Sometime before 117 AD, the Roman historian apparently wrote:
"Nero looked around for a scapegoat, and inflicted the most fiendish tortures on a group of persons already hated for their crimes. This was the sect known as Christians. Their founder, one Christus, had been put to death by the procurator, Pontius Pilate in the reign of Tiberius. This checked the abominable superstition for a while, but it broke out again and spread, not merely through Judea, where it originated, but even to Rome itself, the great reservoir and collecting ground for every kind of depravity and filth. Those who confessed to being Christians were at once arrested, but on their testimony a great crowd of people were convicted, not so much on the charge of arson, but of hatred of the entire human race."

(Book 15, chapter 44):
As we have seen, the term 'Christian' was not in use during the reign of Nero and there would not have been 'a great crowd' unless we are speaking of Jews, not Christians. 'Jewish/Christians' – being perceived by Roman authorities (and the populace at large) simply as Jews meant that early Christ-followers also got caught up in general attacks upon the Jews.
‘Their effects to dissemble their Jewish origins were detected by the decisive test of circumcision; nor were the Roman magistrates at leisure to enquire into the difference of their religious tenets.’
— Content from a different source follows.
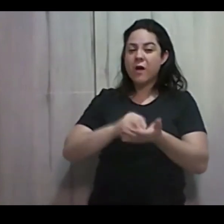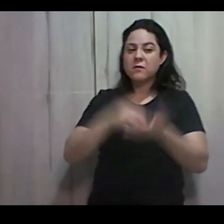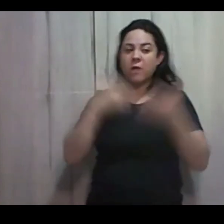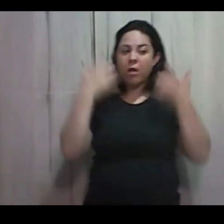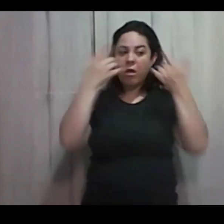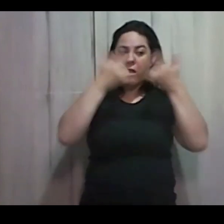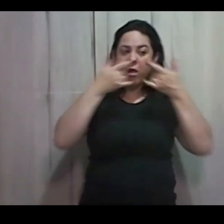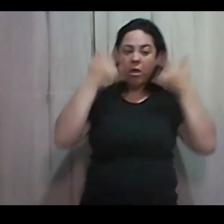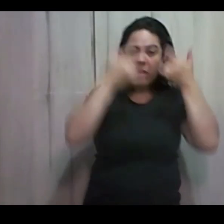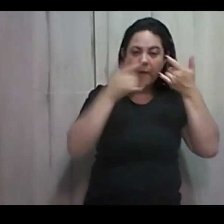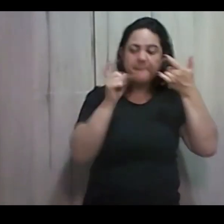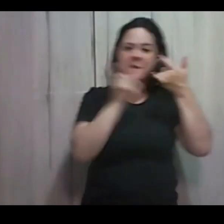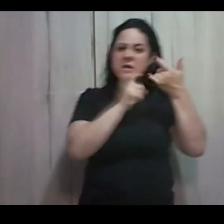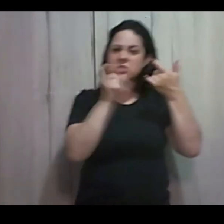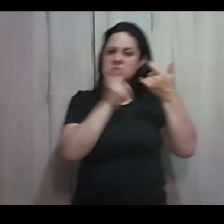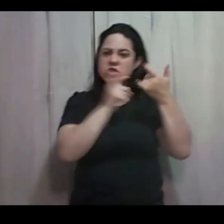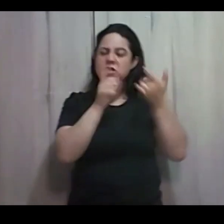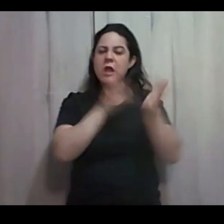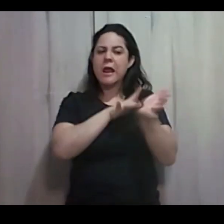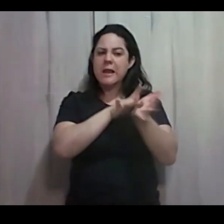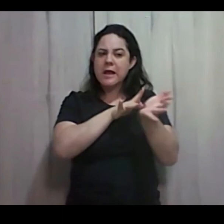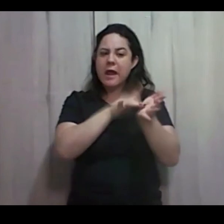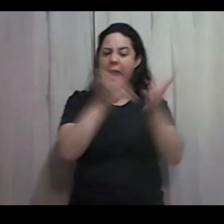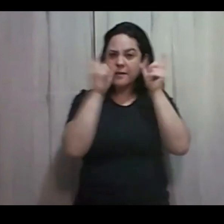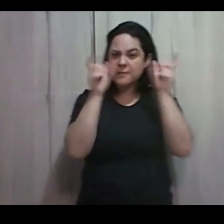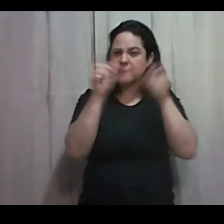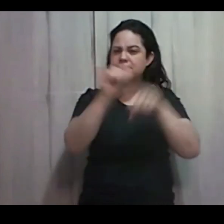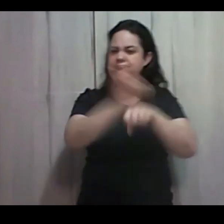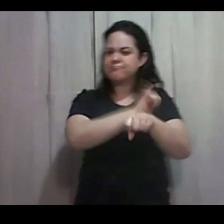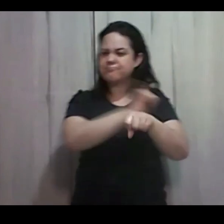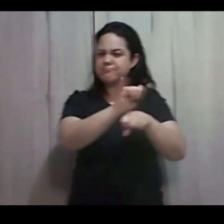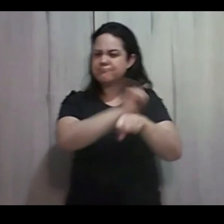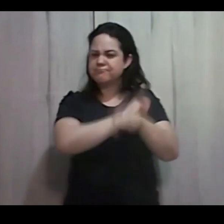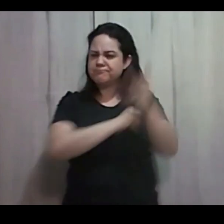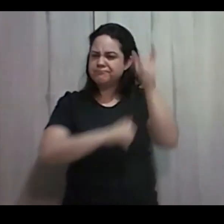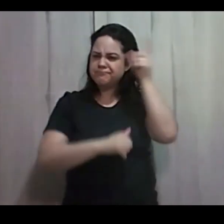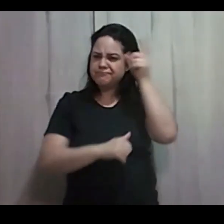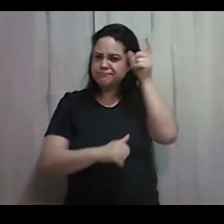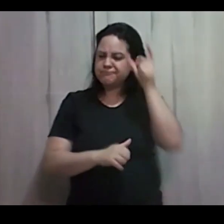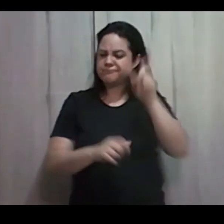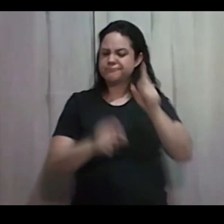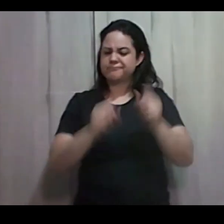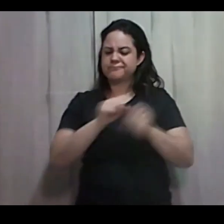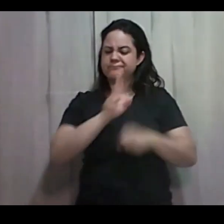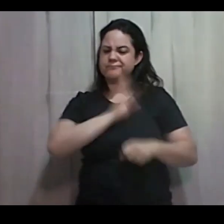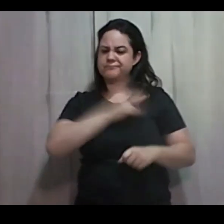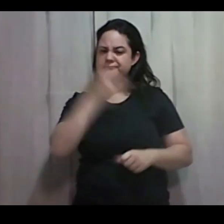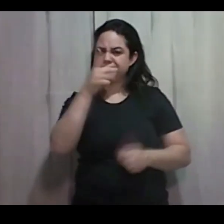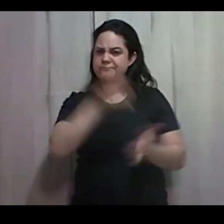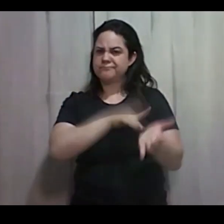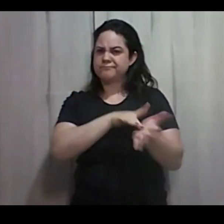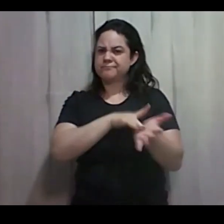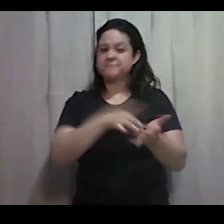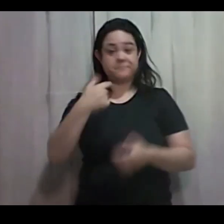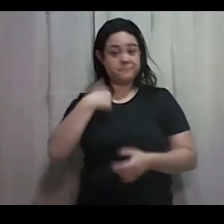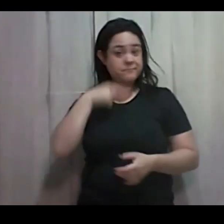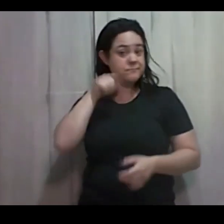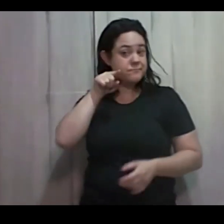atento Para as armadilhas Não deixe Que o seu coração Te engane Eu Você E a Daniel Todos

– Edward Gibbon (Decline and Fall)
One consequence of the fire which destroyed much of Rome in 64 AD was a capitation tax levied on the Jews and it was the Jews – throughout the empire – who were required to pay for the city’s rebuilding – a factor which helped to radicalise many Jews in the late 60s AD.

Not for the first time would Christian scribes expropriated the real suffering of a whole people to create an heroic 'origins' fable
...

No Christian apologist for centuries ever quoted the passage of Tacitus – not in fact, until it had appeared almost word-for-word in the writings of Sulpicius Severus, in the early fifth century, where it is mixed in with other myths. Sulpicius's contemporaries credited him with a skill in the 'antique' hand. He put it to good use and fantasy was his forte: his Life of St. Martin is replete with numerous 'miracles', including raising of the dead and personal appearances by Jesus and Satan.

His dastardly story of Nero was embellished during the Renaissance into a fantastic fable with Nero 'fiddling while Rome burned'. Nero took advantage of the destruction to build his 'Golden House' though no serious scholar believes anymore that he started the fire (we now know Nero was in his hometown of Antium – Anzio – when the blaze started.) Indeed, Nero opened his palace garden for temporary shelter to those made homeless.

In short, the passage in Tacitus is a fraud and adds no evidence for a historic Jesus.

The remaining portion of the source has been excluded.